As mining depth increases for coal and other mineral resources, the stress of coal-rock mass also increases. The deep underground environment that coal-rock mass exists in has the typical characteristics of high water pressure, high ground pressure, and high ground temperature. In addition, coal mining often causes additional characteristics, such as strong disturbance and strong ageing. These factors are causing an increasing number of serious underground dynamic disasters. In recent years, the construction of railways, roads, and water conservancy facilities has been carried out in high-altitude areas, such as China's Sichuan-Tibet railway (the highest point is 5,100 metres above sea level) and the water diversion project in central Yunnan province. There are numerous active fault zones and other geological hazards, including earthquakes, that can be seen in these areas. At the same time, high in-situ stress in long tunnels, high seepage pressure of groundwater, high in-situ temperature, and multi-field coupling of dynamic loads are all leading to new characteristic scientific phenomena in the engineering response of deep rock mass.

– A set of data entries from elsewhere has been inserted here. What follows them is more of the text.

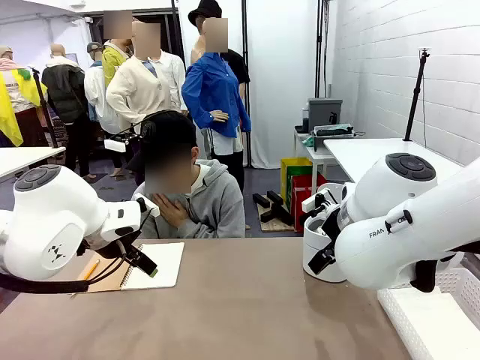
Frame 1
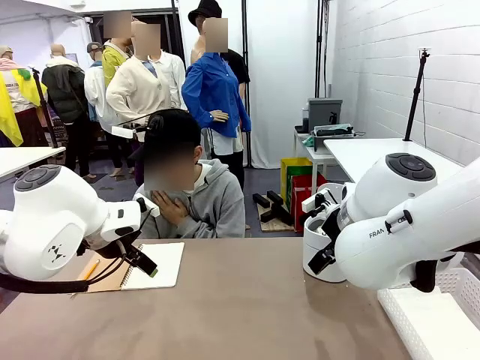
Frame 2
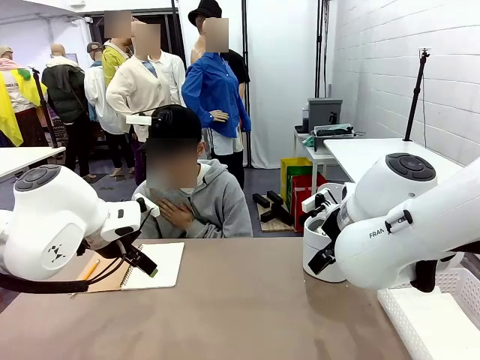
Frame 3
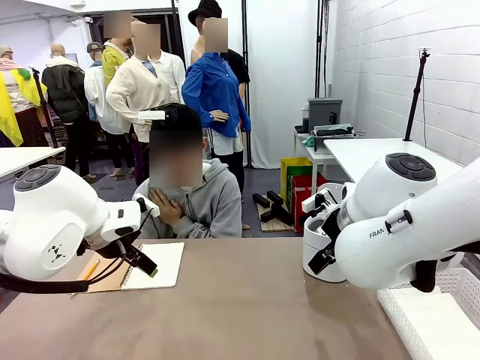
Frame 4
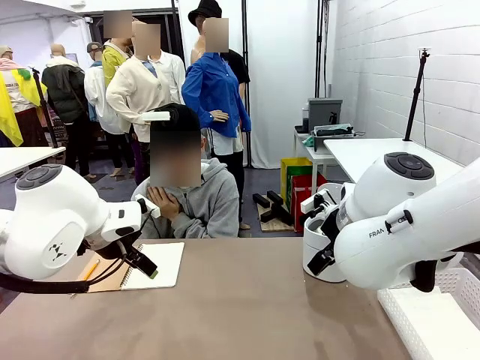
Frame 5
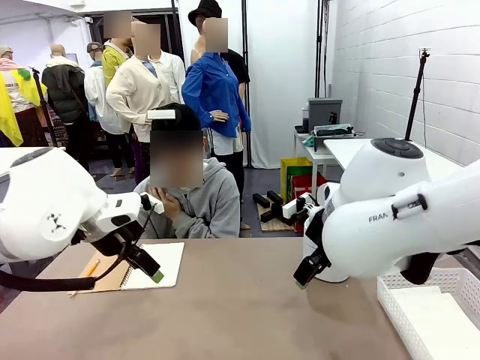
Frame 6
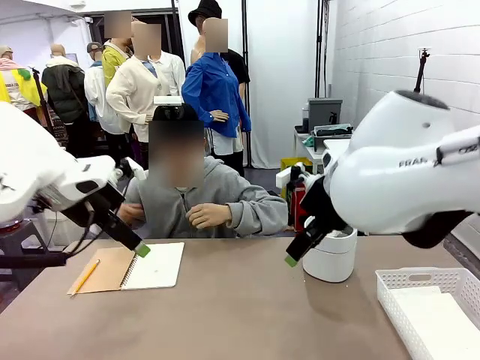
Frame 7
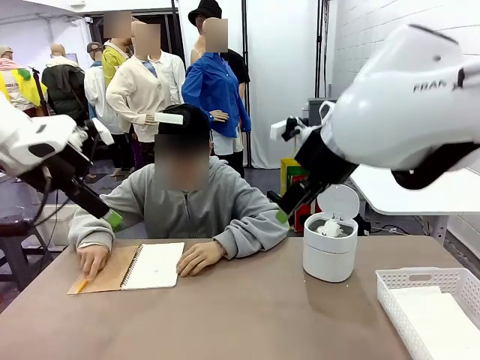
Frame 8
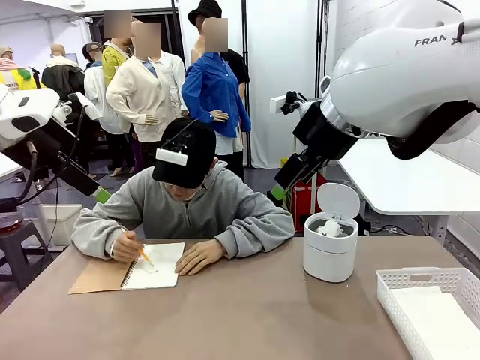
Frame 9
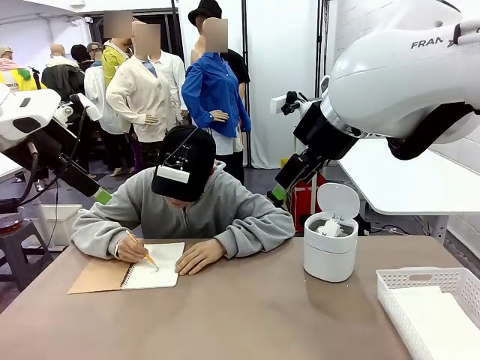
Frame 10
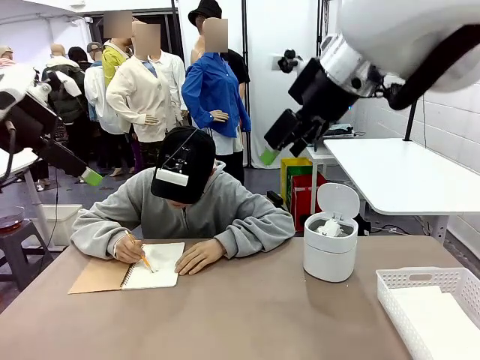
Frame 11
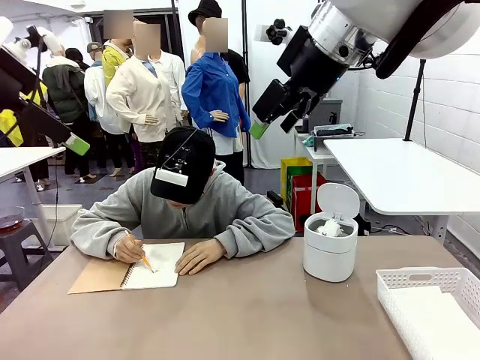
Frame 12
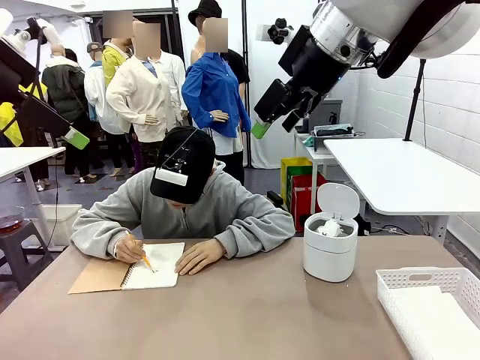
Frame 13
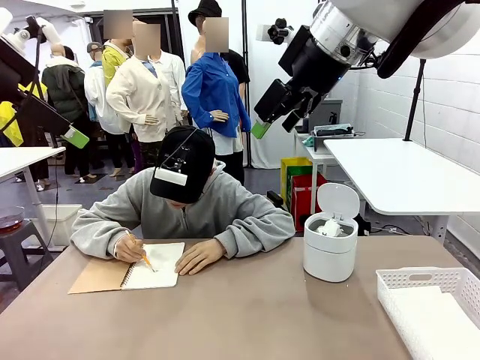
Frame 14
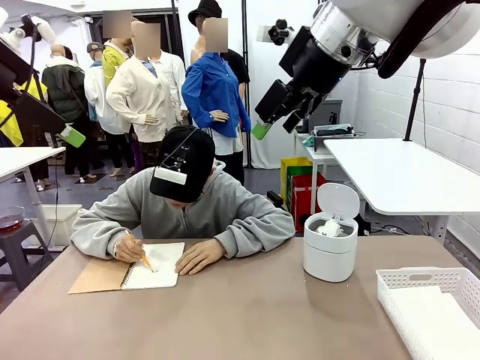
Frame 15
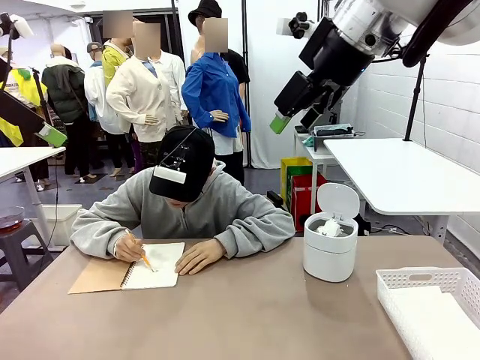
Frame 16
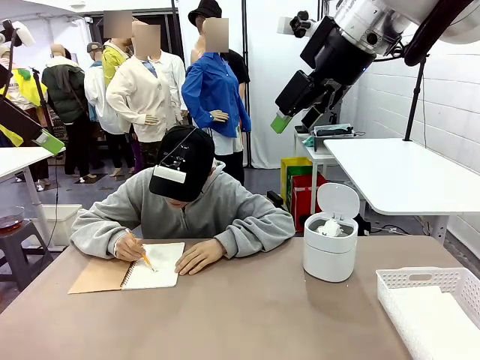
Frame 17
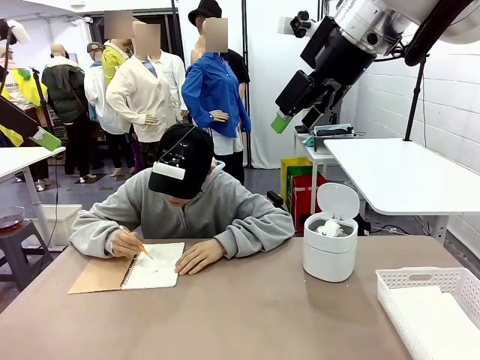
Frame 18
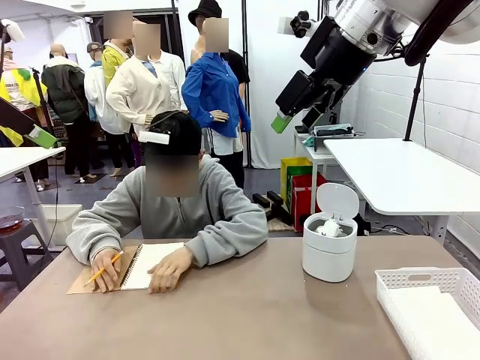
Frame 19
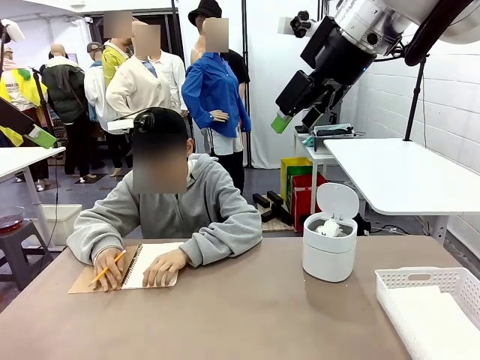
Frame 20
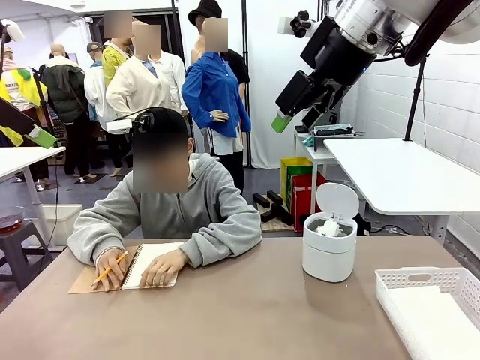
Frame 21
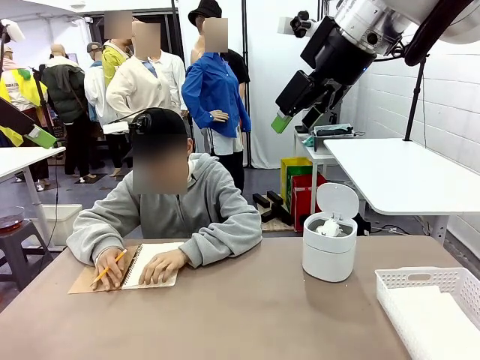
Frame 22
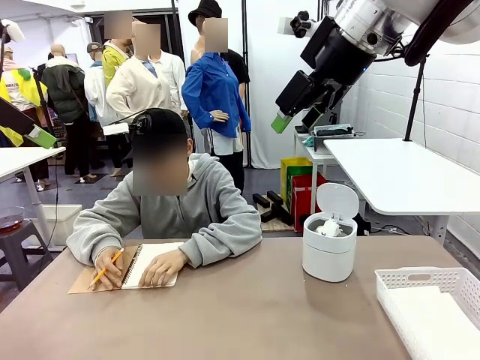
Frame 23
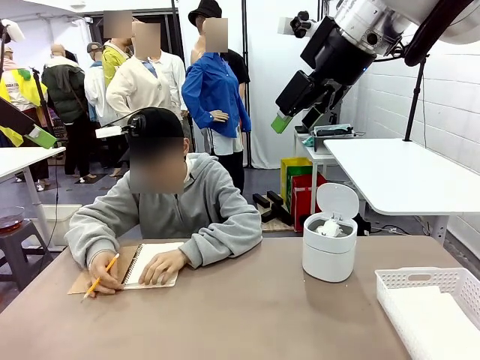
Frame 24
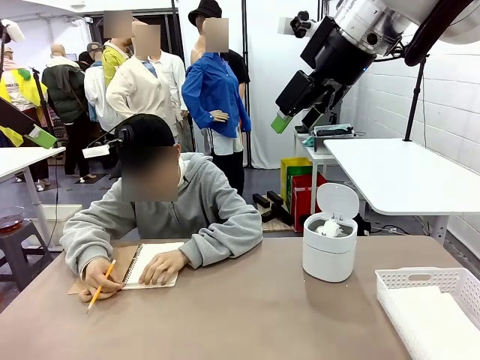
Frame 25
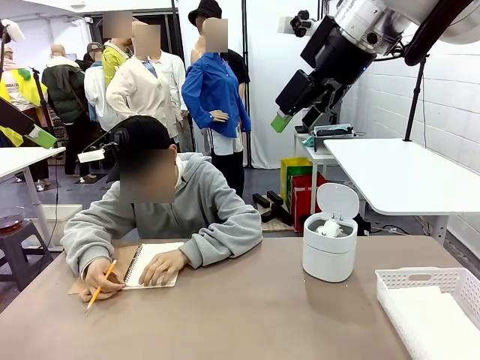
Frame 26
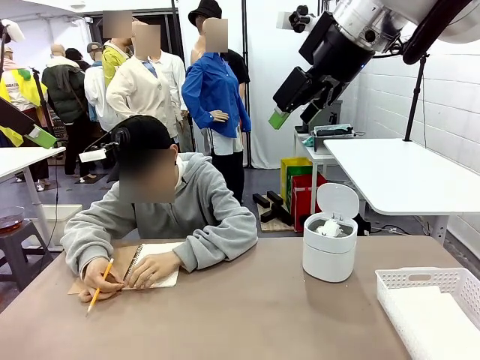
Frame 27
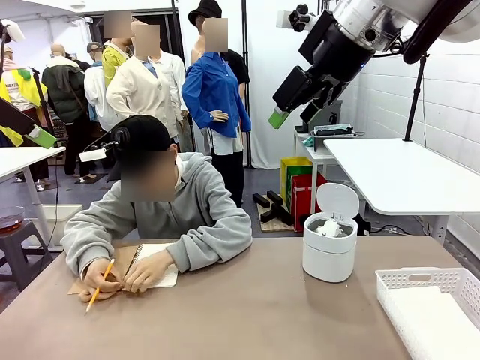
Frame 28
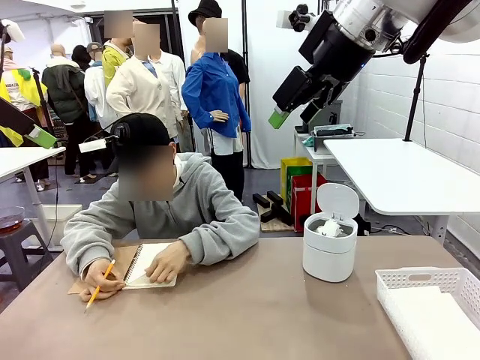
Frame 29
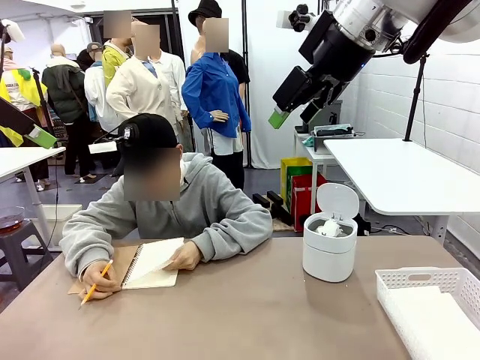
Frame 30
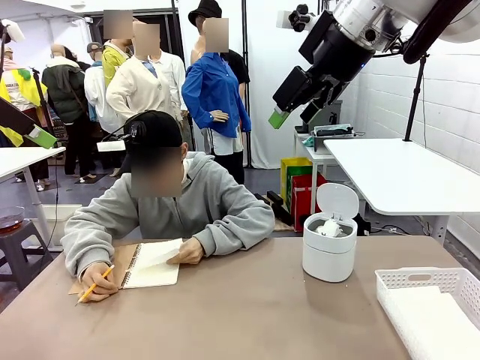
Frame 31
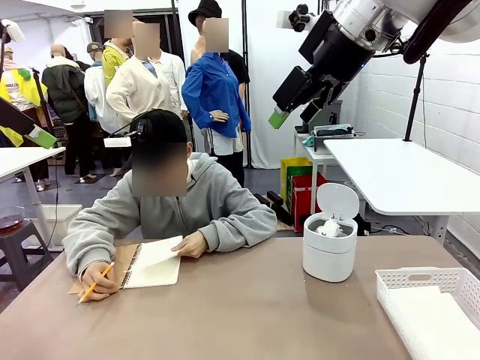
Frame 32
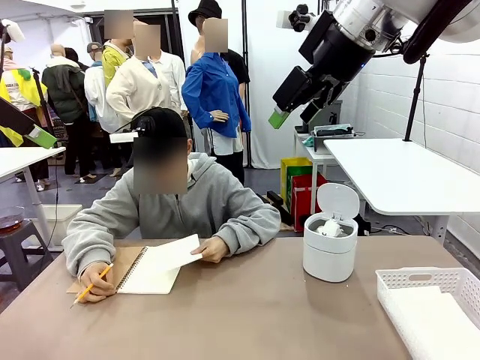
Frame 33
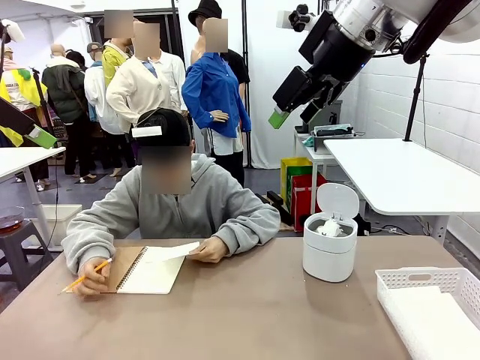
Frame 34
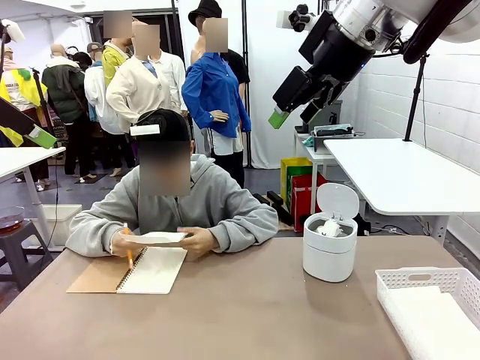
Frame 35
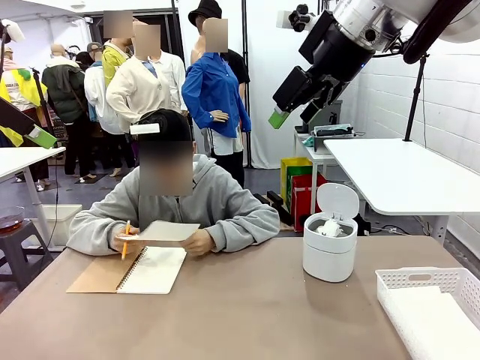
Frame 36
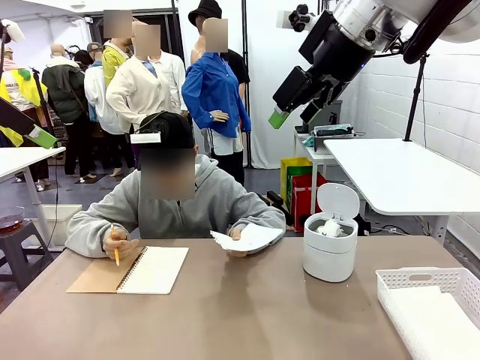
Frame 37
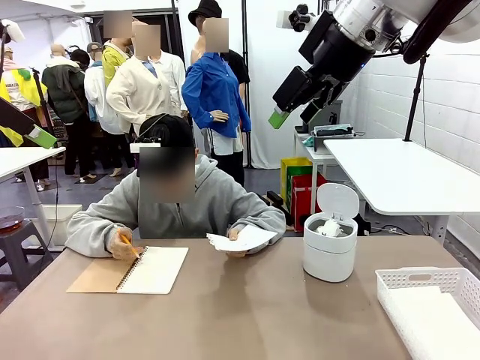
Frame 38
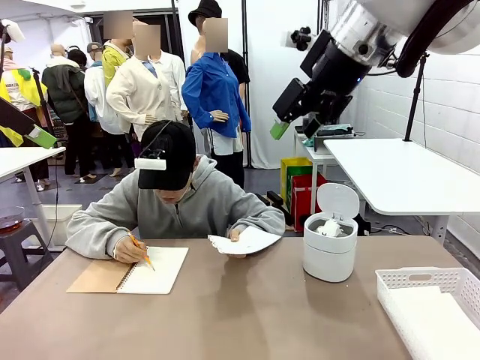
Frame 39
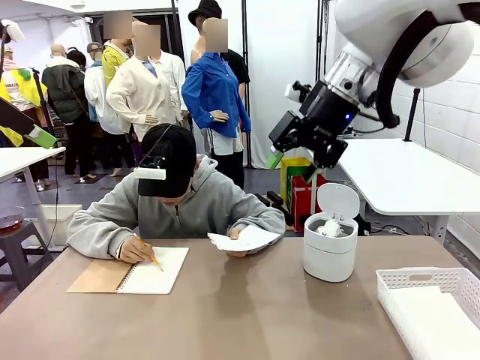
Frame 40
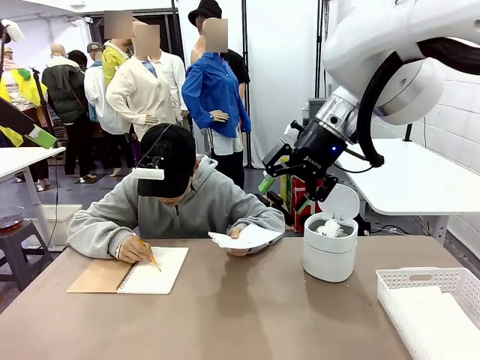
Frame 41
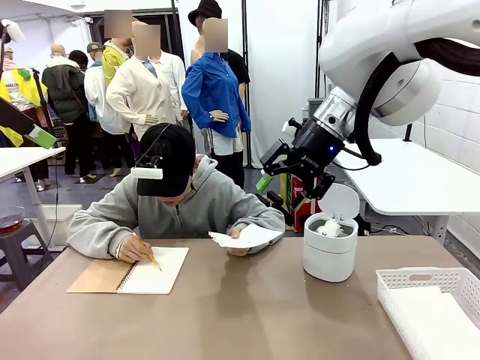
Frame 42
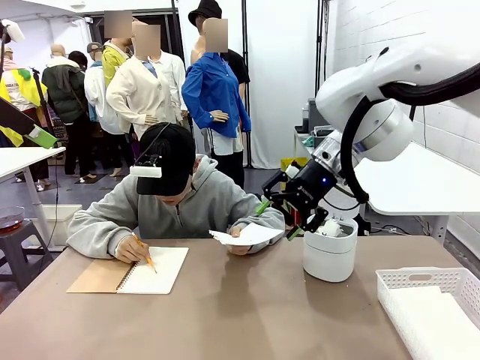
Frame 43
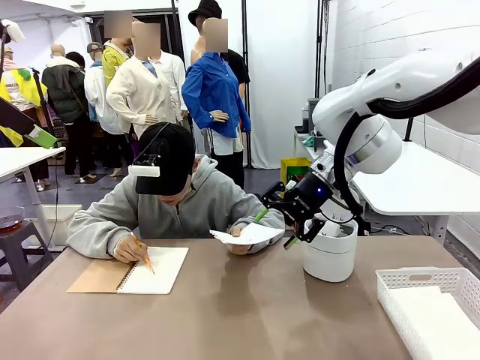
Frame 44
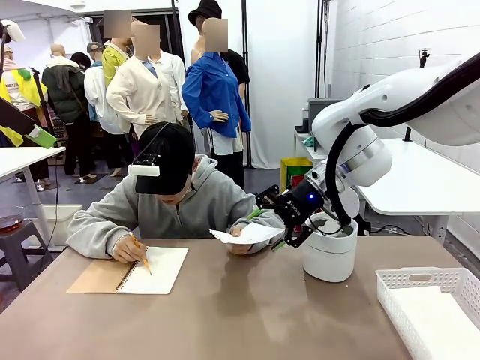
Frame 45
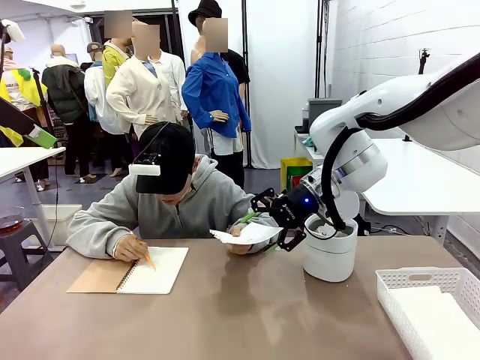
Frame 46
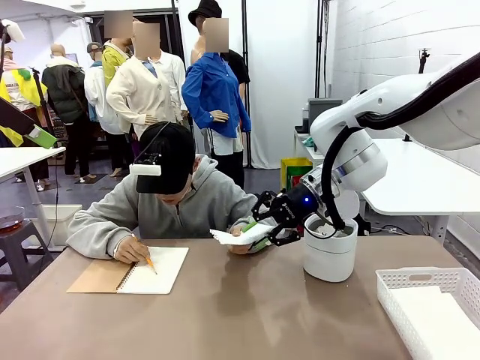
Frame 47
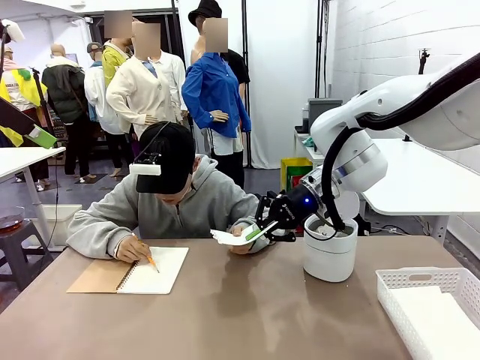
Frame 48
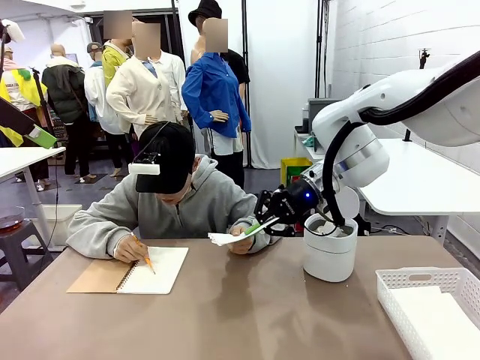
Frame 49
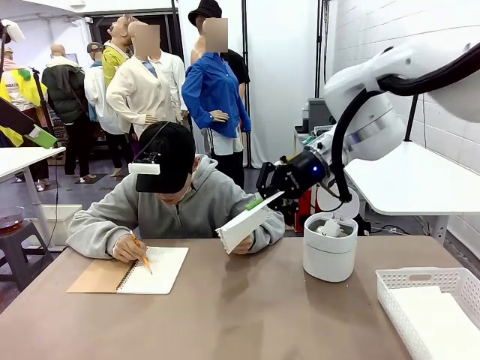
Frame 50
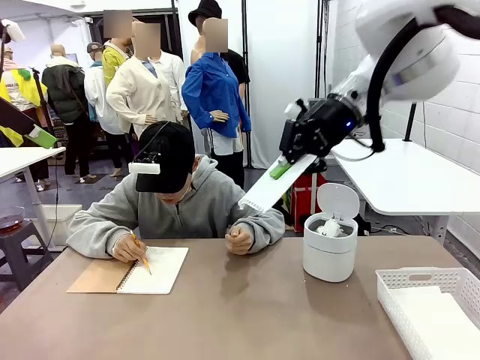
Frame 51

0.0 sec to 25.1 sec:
Task: Sort the paper based on its condition.
Robot: If a person hands you a paper, place it in the Organizing basket , and if it's crumpled, put it in the Trash can.
Person: Tear out a page from the spiral notebook. Hand the torn page to the robot or crumple it and throw it to the center of the table.

For example, high temperature can change the mechanical properties of rock, such as the softening of hard rock due to the effects of thermal stress. Soft rock, such as mudstone and shale, is easily destroyed by accelerated creep under extremely high in-situ stress. Creep is also sensitive to high underground temperature and high permeability pressure. Moreover, dynamic water pressure generated by dynamic action has a significant influence on rock mass hydraulic fracturing and seepage deformation. Multi-field coupling of high ground stress, high ground temperature, high seepage pressure, and dynamic load are all factors that can lead to water inrush, large deformation of soft rock, and rock burst disaster, the mechanisms of which are all important in underground engineering. These factors will cause unprecedented technical challenges, meaning that disaster prevention and control methods need to be improved as soon as possible to ensure the safety of engineering and construction projects.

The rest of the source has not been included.